Page last updated at 16:12 GMT, Friday, 28 August 2009 17:12 UK

Failure to deport rapist attacked

Andrew Rowe
Rowe has been given an indeterminate sentence

The failure to deport a rapist who then went on to carry out further attacks in London is a "real blight" on the record of ministers, the Tories have said.

Andrew Rowe, a Jamaican national, attacked two 18-year-old women after his release from prison in 2000 for the indecent assault of a 14-year-old girl.

Rowe, 36, was given an indeterminate sentence for the two recent attacks.

Shadow home secretary Chris Grayling said Rowe should not have been allowed to remain in the country.

Heinous crime

Mr Grayling said: "The failure to deport foreign prisoners has been a real blight on the record of this Government.

People will simply not understand why someone like this was allowed to stay in the country
Chris Grayling

"People will simply not understand why someone like this was allowed to stay in the country."

The Home Office refused to say why Rowe was not deported.

David Wood, head of detention and criminality for the UK Border Agency, described Rowe's crime as "heinous" and said the authorities would seek to deport him at the end of his sentence.

Judge John Price said in both the attacks Rowe approached his victims and charmed them, persuading them to get into his car in south London.

He then drove them to empty flats before assaulting them.

Rowe, of no fixed address, was convicted of rape, assault by penetration and attempted rape at a hearing earlier this year. He had denied all the charges.

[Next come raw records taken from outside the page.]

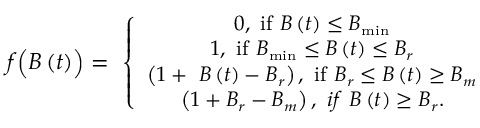
\small f \Bigl ( B \left( t \right) \Bigr ) = \ \left\{ \begin{array} { c } { 0 , \ \mathrm { i f } \ B \left( t \right) \le B _ { \mathrm { m i n } } } \\ { 1 , \ \mathrm { i f } \ B _ { \mathrm { m i n } } \le B \left( t \right) \le B _ { r } } \\ { \left( 1 + \ B \left( t \right) - B _ { r } \right) , \ \mathrm { i f } \ B _ { r } \le B \left( t \right) \ge B _ { m } } \\ { \left( 1 + B _ { r } - B _ { m } \right) , \ i f \ B \left( t \right) \ge B _ { r } . } \end{array} \right.
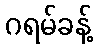
ဂရမ်ခန့်
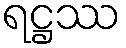
ရဋ္ဌဿ

He pleaded guilty to dangerous driving, possession of drugs and failure to register as a sex offender.

Rowe was stopped by police in February after he was spotted driving erratically in Albion Street, Rotherhithe, in south-east London.

Officers found him in possession of cocaine and it was after his arrest that it became known he was wanted for the two sex assaults.

An indeterminate sentence means after the offender has served a minimum tariff he or she must prove through special classes and other intensive supervision, that they have been reformed to be released.

If the offender fails to prove this the jail term will be extended. Rowe's tariff was set at six years.